A SEPTA trolley slammed into a historic Philly home, the fifth crash in a week: ‘Everything was just devastated’
“There was a trolley in my living room," said the tenant and caretaker of the historic Blue Bell Inn, which was built in 1766.
There was screeching, then a bang, and then the whole house shook violently when the runaway trolley crashed into Delia King’s living room Thursday night.
“I thought the house was going to collapse right then and there,” said King, an artist who was lying in bed on the second floor of her 1766 home on the quiet, muggy Philadelphia evening, willing herself to head downstairs to work on a painting moments before the collision. “I could hear the wall just crumbling, and I could feel it in the house.”
Bolting downstairs, she processed the scene through her shock: “There was a trolley in my living room, and everything was just devastated.”
SEPTA has said it is investigating the incident, the fifth crash to involve one of its vehicles in a week.
The force of the out-of-service SEPTA trolley tearing through the historic Blue Bell Inn’s front wall — the exact spot where King said she stands to paint — propelled the structure’s large, heavy stone bricks to the back of the pre-Revolutionary War house in Southwest Philadelphia, where King is a tenant and caretaker.
“If I had even been downstairs, like even at the back of the room, I probably would either be very gravely injured or dead because it just shot that front wall, it just imploded into my house,” a shaken King, 49, said Friday morning. “I’m just glad to be alive, to be honest.”
The trolley rolled about a half-mile from SEPTA’s Elmwood Depot before careening into King’s living room at the intersection of Woodland Avenue and Cobbs Creek Parkway near Darby around 10:30 p.m. Thursday, the agency said. No one was driving the trolley, but a mechanic onboard was taken to Penn Presbyterian Medical Center with non-life-threatening injuries. Two people inside an SUV the trolley struck first were also injured, according to SEPTA. Their conditions have not been released.
The string of SEPTA crashes began July 21, when one bus rear-ended another on Roosevelt Boulevard, killing one passenger and injuring 14 others. That same weekend, four people were injured when a SEPTA bus hit an electrical pole in Fishtown.
» READ MORE: Two SEPTA buses crash on Roosevelt Boulevard, killing one passenger
On Monday, two trolleys collided in Upper Darby, hospitalizing five passengers with non-life-threatening injuries. The next day, a Route 31 bus with no passengers jumped the curb at 15th and Walnut Streets in Center City, crashing into a glass storefront.
In a statement, SEPTA’s board wrote that it is “extremely concerned and troubled by the series of recent accidents involving SEPTA buses and trolleys.”
“We know that incidents like these shake the public’s confidence in SEPTA,” the board wrote. “We have stressed to executive staff that they need to be transparent with the public about the findings of these investigations.”
» READ MORE: SEPTA bus crashes into storefront in Center City, driver has minor injury
King — an award-winning artist formerly with Mural Arts Philadelphia and a 2018 resident at the Barnes Foundation — escaped the wreckage Thursday relatively unscathed with her cat. She said she is currently staying in a hotel.
But her paintings and art supplies, she said, were ruined. In an instant, King — who has created works for high-profile rappers including Kodak Black and Scar Lip — said she lost around 20 pieces of art for an upcoming show at the end of the month, as well as a commissioned family portrait for a rapper.
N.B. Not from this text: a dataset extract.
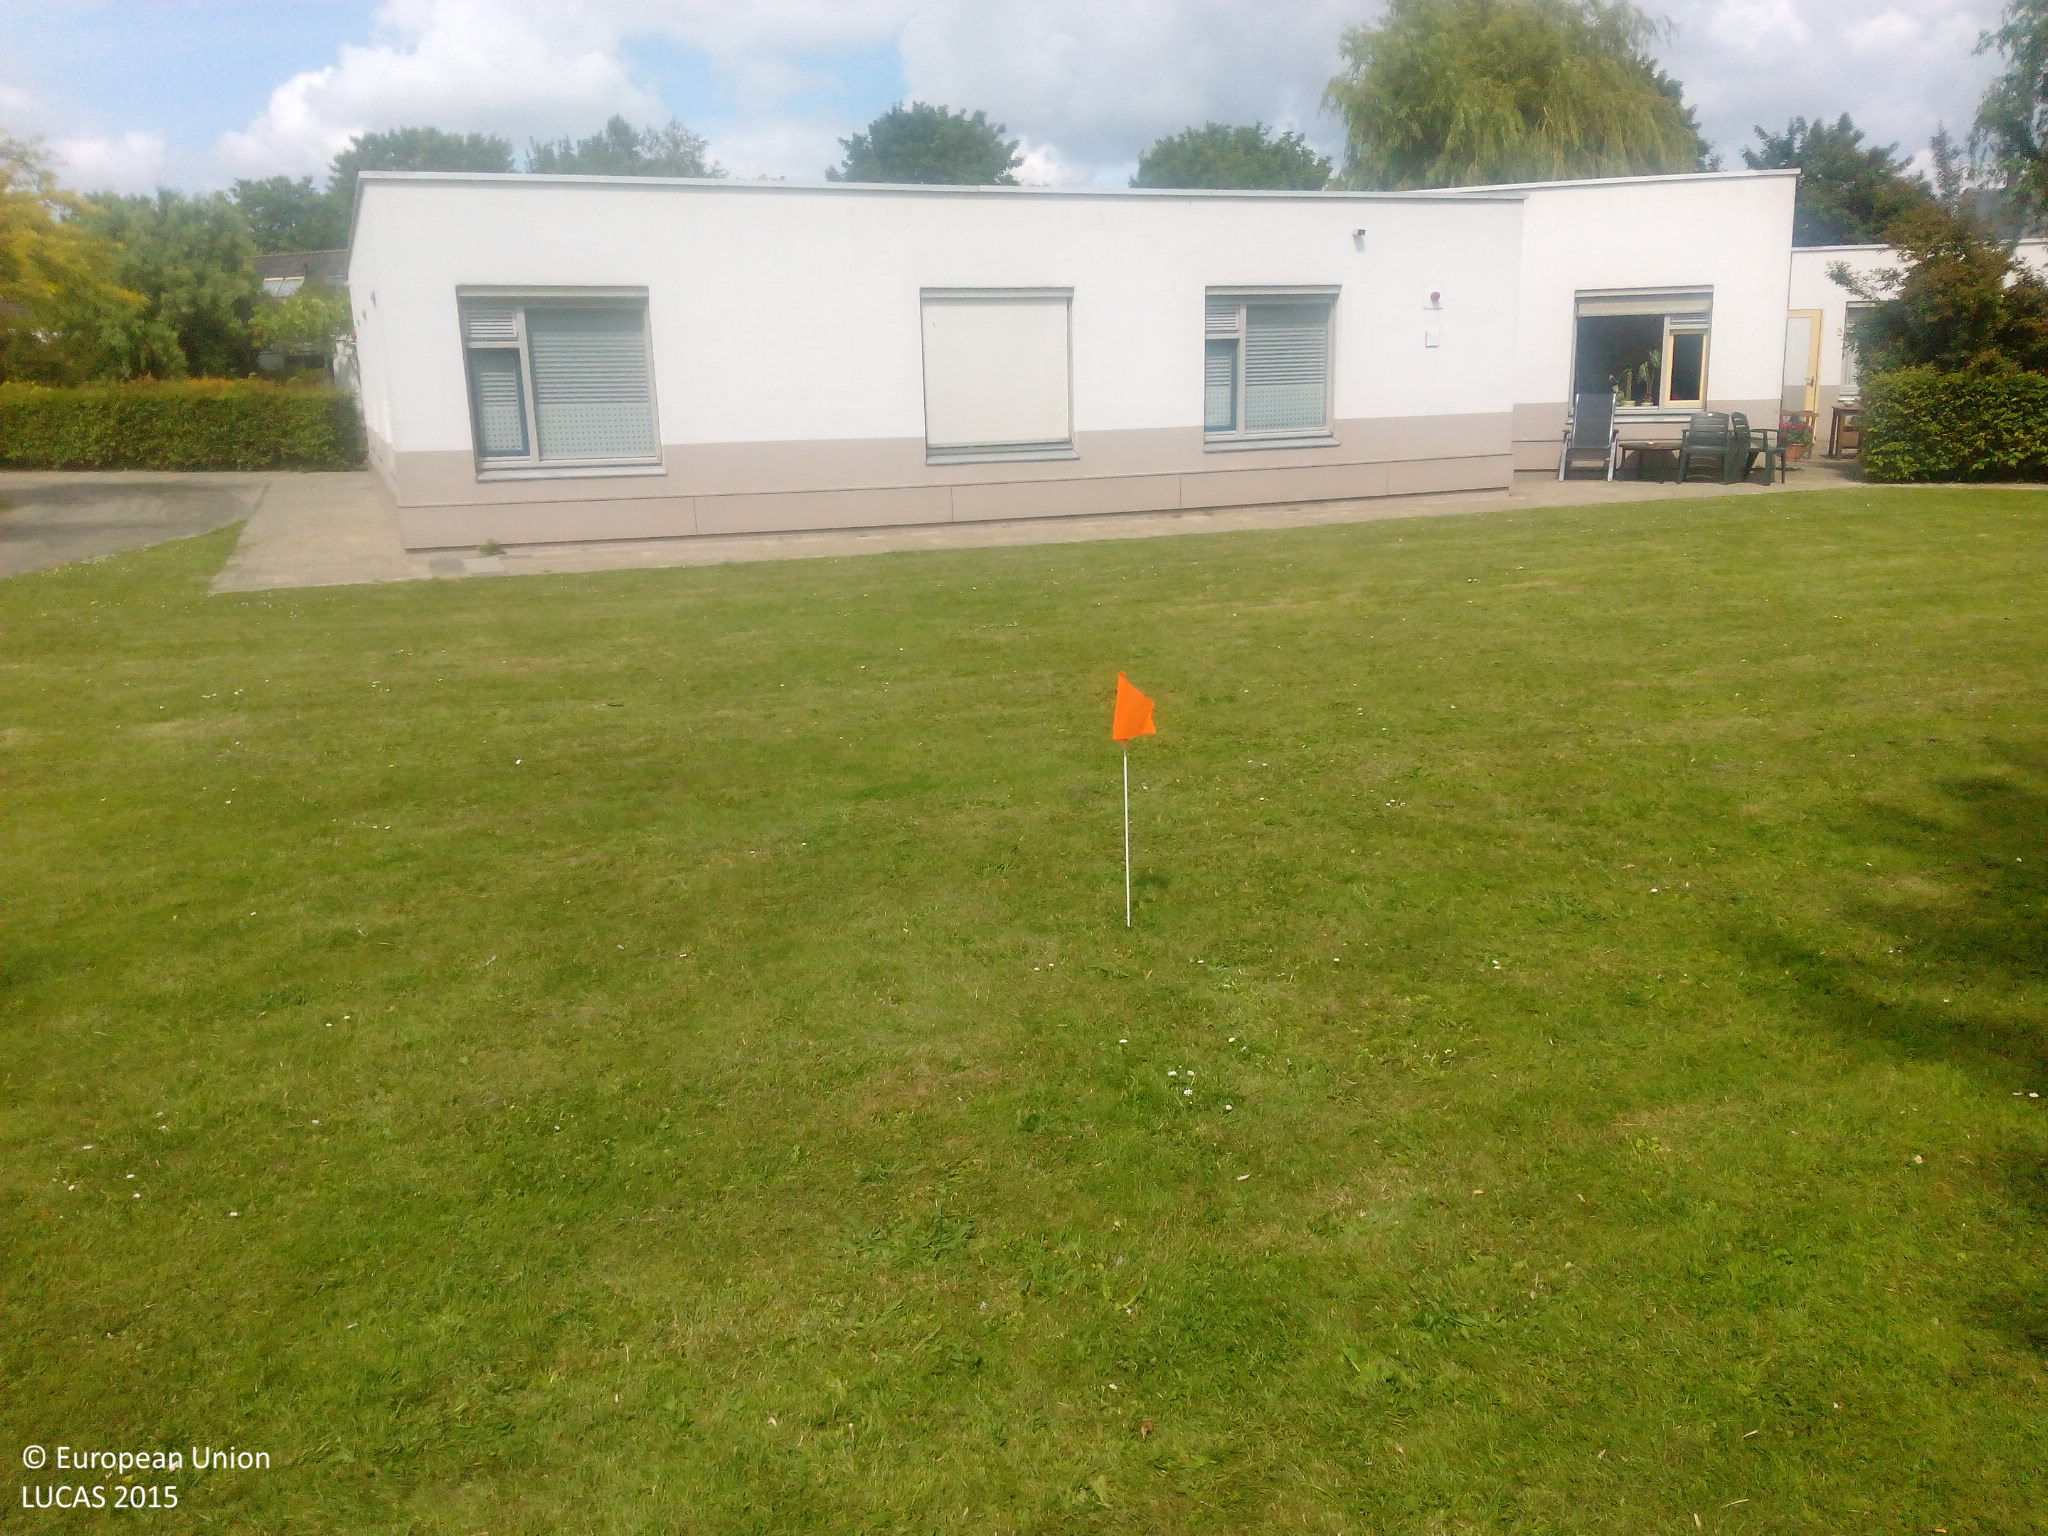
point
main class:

King has resided in the 18th-century tavern — once frequented by George Washington during the Battle of Brandywine, and the site of a 1777 battle during the British occupation of Philadelphia — for the last eight years, tending to the historic building. The inn is managed by the Philadelphia Department of Parks and Recreation and the Fairmount Park Conservancy. King said she was skeptical the trolley’s damage to the building would be able to be repaired.
“This is not a good time for the Blue Bell,” she said. “It’s a beautiful place to live, and is full of history... but it’s come at a very high price.”
Thursday’s crash marked the third time a vehicle has rammed into the historic building in the last three years. Last year, King said, a driver lost control of a stolen car at the intersection, careening into the house and taking out a front window, which was never repaired.
And in August 2020, a car smashed into the covered porch of the Blue Bell Inn, damaging the awning structure. Later that same day, floodwaters of Tropical Storm Isaias filled the home, washing away King’s art studio and most of her belongings before she and her son were rescued by fire crews.
“I can’t really face it. I lost everything in that flood,” King said. “All my art supplies, everything, and it’s really taken me a long time to replace everything. It’s very expensive to produce art, and so I finally had everything replaced, and I lost it all again.”